**EXERCISE DETAILS**. Everything from the opening line of the listing below to the line that has "human: [hr_rgb_0.5]", inclusive, should be returned exactly, except the pictures.

**INPUT RECORDS**.
▼▼▼

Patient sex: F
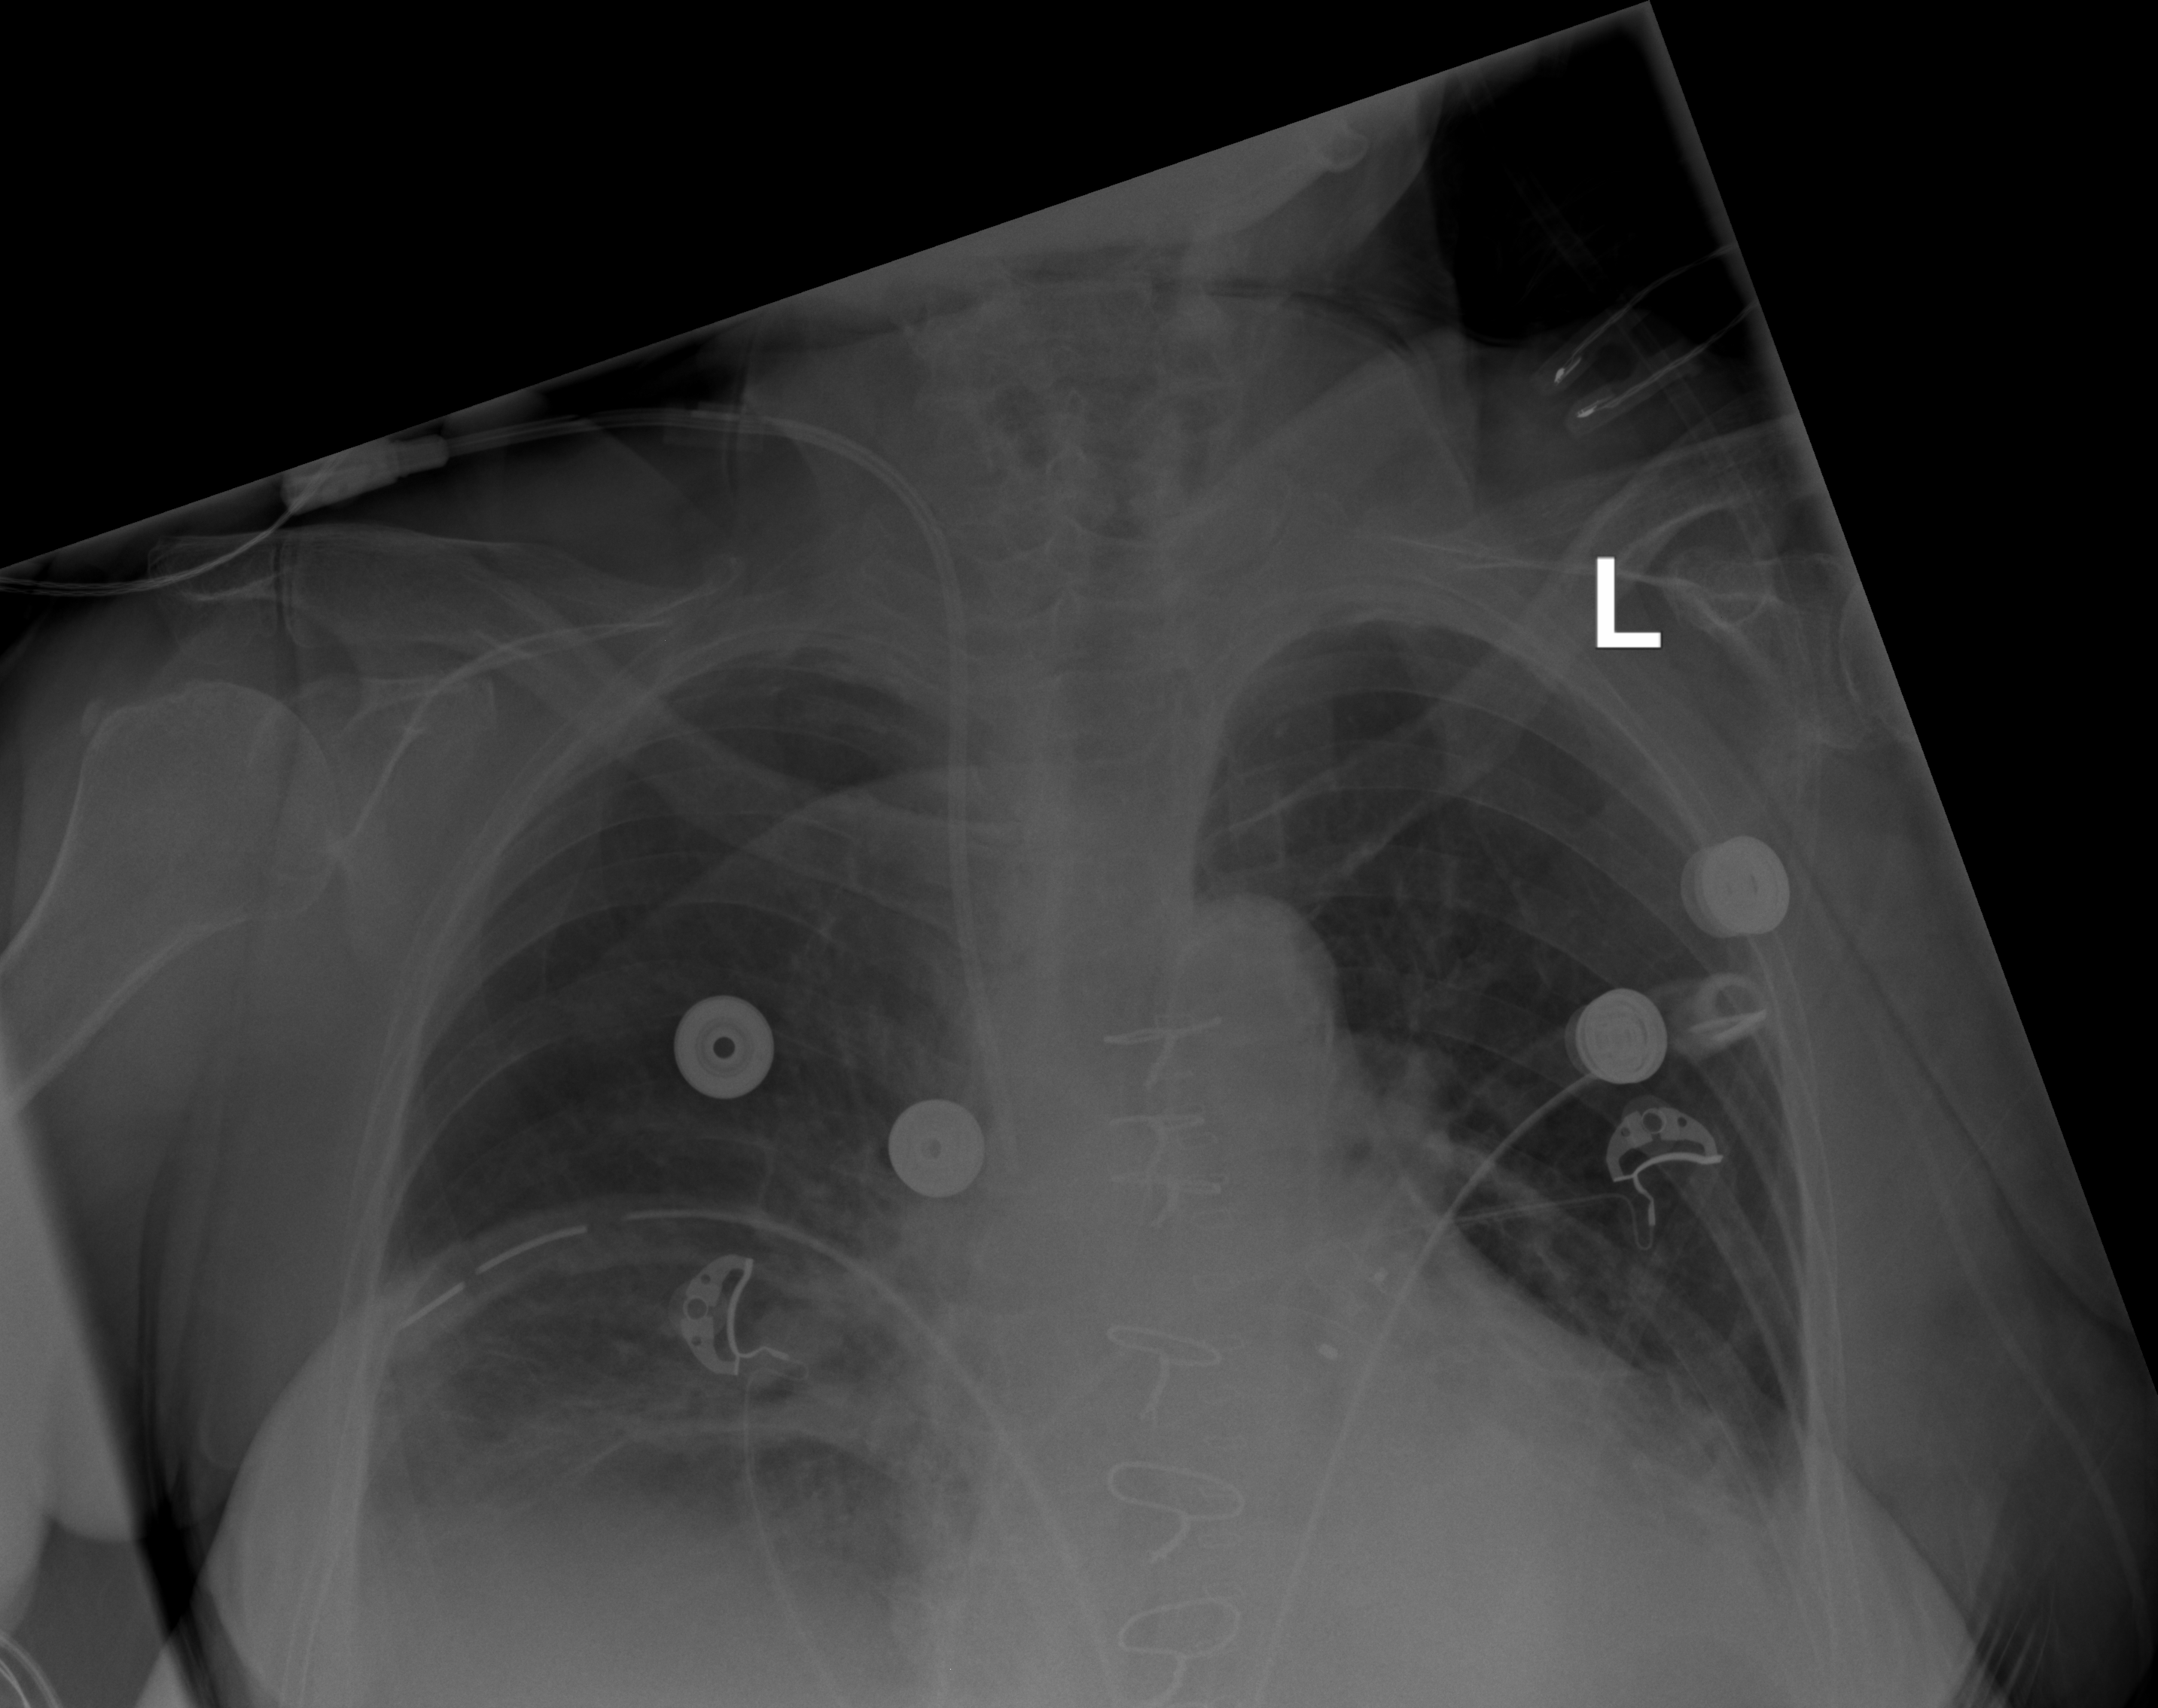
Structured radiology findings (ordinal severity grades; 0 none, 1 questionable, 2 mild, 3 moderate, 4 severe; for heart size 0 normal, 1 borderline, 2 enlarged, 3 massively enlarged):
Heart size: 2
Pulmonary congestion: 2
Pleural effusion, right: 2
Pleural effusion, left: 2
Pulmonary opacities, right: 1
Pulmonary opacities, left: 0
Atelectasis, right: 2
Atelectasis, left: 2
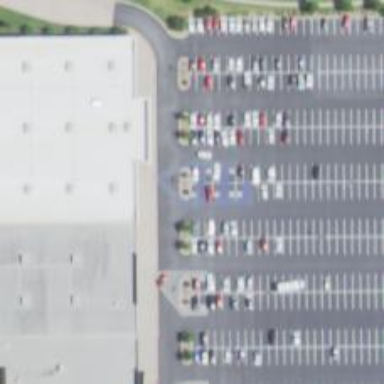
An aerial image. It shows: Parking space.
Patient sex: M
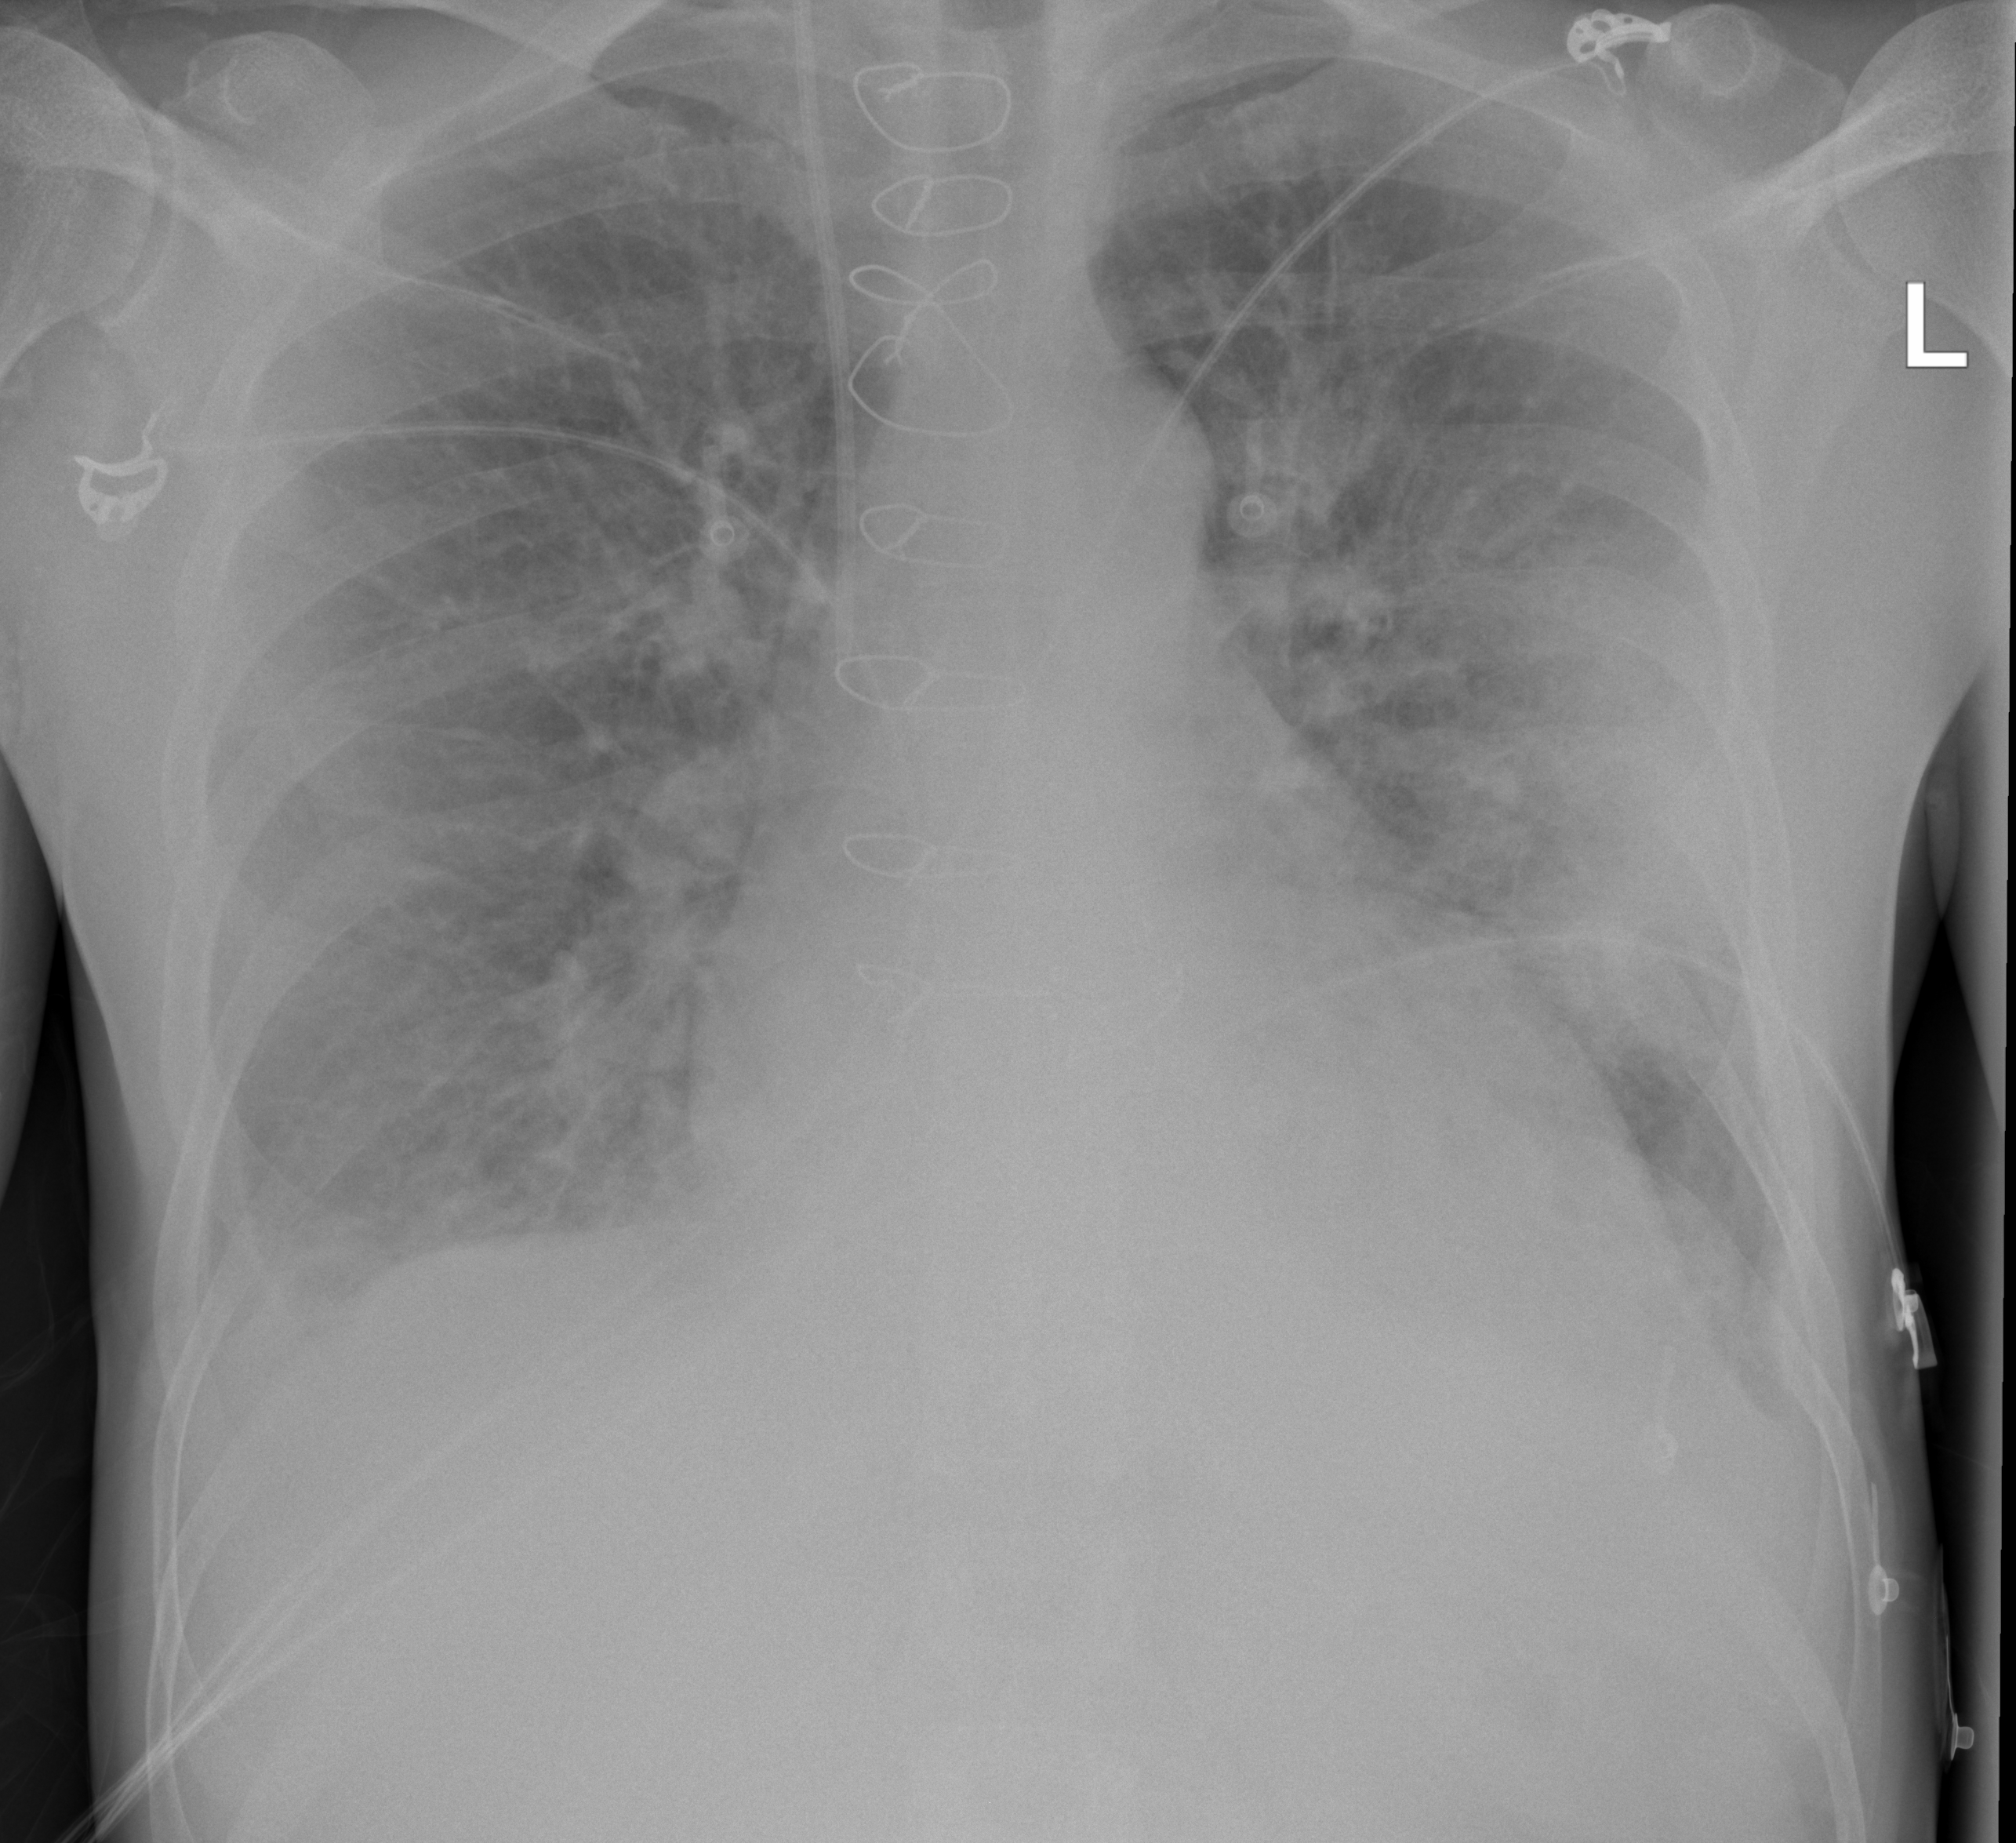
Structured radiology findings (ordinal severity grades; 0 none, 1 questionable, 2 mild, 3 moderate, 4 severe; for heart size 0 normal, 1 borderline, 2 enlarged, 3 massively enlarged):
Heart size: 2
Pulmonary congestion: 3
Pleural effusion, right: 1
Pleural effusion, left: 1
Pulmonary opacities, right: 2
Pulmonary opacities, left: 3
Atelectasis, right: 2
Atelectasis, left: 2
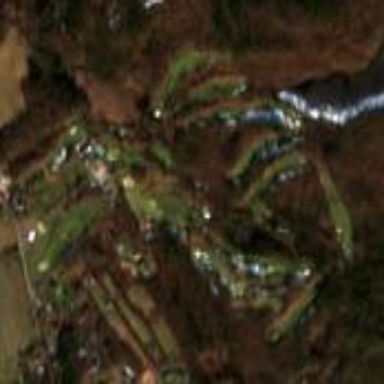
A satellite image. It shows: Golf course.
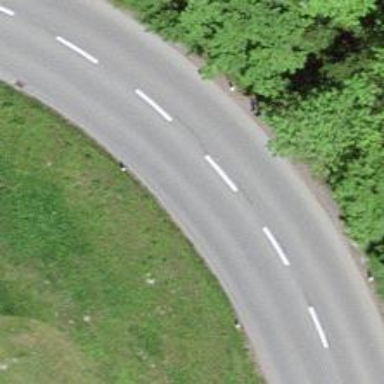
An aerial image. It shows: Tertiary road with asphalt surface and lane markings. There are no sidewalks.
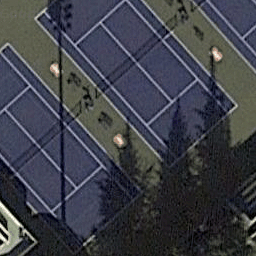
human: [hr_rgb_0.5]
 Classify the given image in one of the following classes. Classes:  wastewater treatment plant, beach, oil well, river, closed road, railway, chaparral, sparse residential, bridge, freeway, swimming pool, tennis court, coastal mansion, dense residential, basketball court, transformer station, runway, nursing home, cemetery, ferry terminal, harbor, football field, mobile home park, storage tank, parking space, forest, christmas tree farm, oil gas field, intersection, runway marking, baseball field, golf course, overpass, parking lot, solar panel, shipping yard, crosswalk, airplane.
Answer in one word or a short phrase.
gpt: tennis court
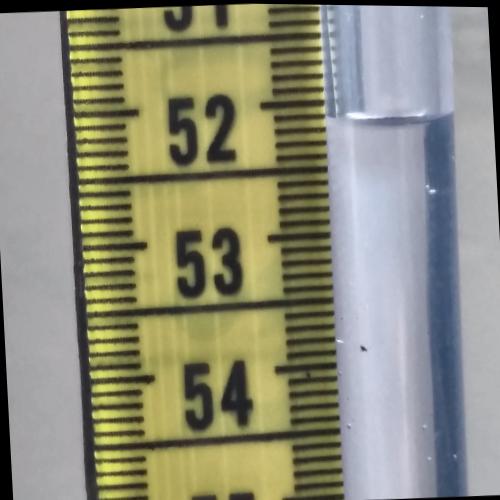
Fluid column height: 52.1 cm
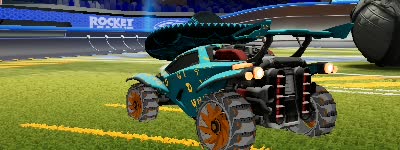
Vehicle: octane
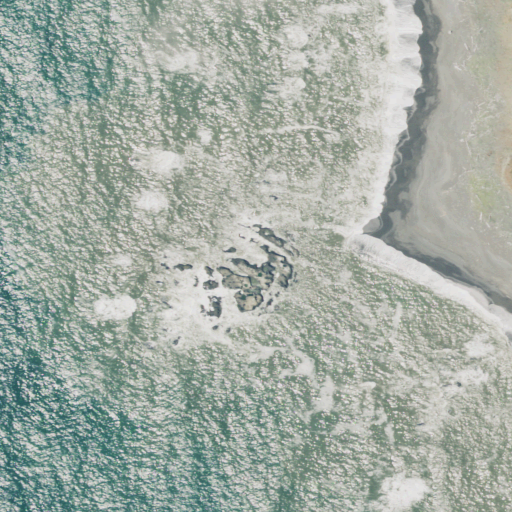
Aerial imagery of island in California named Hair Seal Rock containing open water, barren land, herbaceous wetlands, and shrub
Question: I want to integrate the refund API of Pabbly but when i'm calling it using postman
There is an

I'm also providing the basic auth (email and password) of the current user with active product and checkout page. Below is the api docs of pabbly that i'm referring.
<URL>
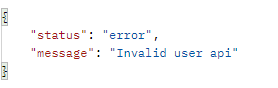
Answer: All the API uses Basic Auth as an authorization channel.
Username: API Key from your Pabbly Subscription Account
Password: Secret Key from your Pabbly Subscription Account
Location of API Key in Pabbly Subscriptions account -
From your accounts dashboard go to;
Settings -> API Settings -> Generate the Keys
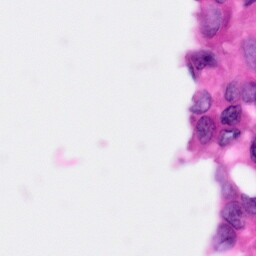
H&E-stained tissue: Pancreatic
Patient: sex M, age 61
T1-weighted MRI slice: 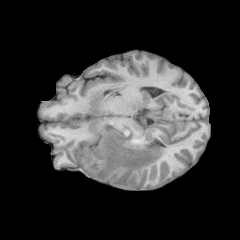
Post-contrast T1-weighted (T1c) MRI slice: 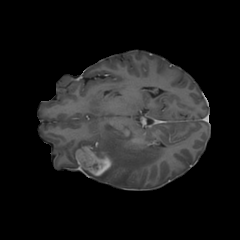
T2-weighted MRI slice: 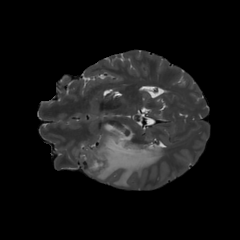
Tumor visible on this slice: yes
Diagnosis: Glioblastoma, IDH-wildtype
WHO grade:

▲▲▲

**RESULT FOR THIS EXERCISE**.
Patient sex: F
Structured radiology findings (ordinal severity grades; 0 none, 1 questionable, 2 mild, 3 moderate, 4 severe; for heart size 0 normal, 1 borderline, 2 enlarged, 3 massively enlarged):
Heart size: 2
Pulmonary congestion: 2
Pleural effusion, right: 2
Pleural effusion, left: 2
Pulmonary opacities, right: 1
Pulmonary opacities, left: 0
Atelectasis, right: 2
Atelectasis, left: 2
An aerial image. It shows: Parking space.
Patient sex: M
Structured radiology findings (ordinal severity grades; 0 none, 1 questionable, 2 mild, 3 moderate, 4 severe; for heart size 0 normal, 1 borderline, 2 enlarged, 3 massively enlarged):
Heart size: 2
Pulmonary congestion: 3
Pleural effusion, right: 1
Pleural effusion, left: 1
Pulmonary opacities, right: 2
Pulmonary opacities, left: 3
Atelectasis, right: 2
Atelectasis, left: 2
A satellite image. It shows: Golf course.
An aerial image. It shows: Tertiary road with asphalt surface and lane markings. There are no sidewalks.
human: [hr_rgb_0.5]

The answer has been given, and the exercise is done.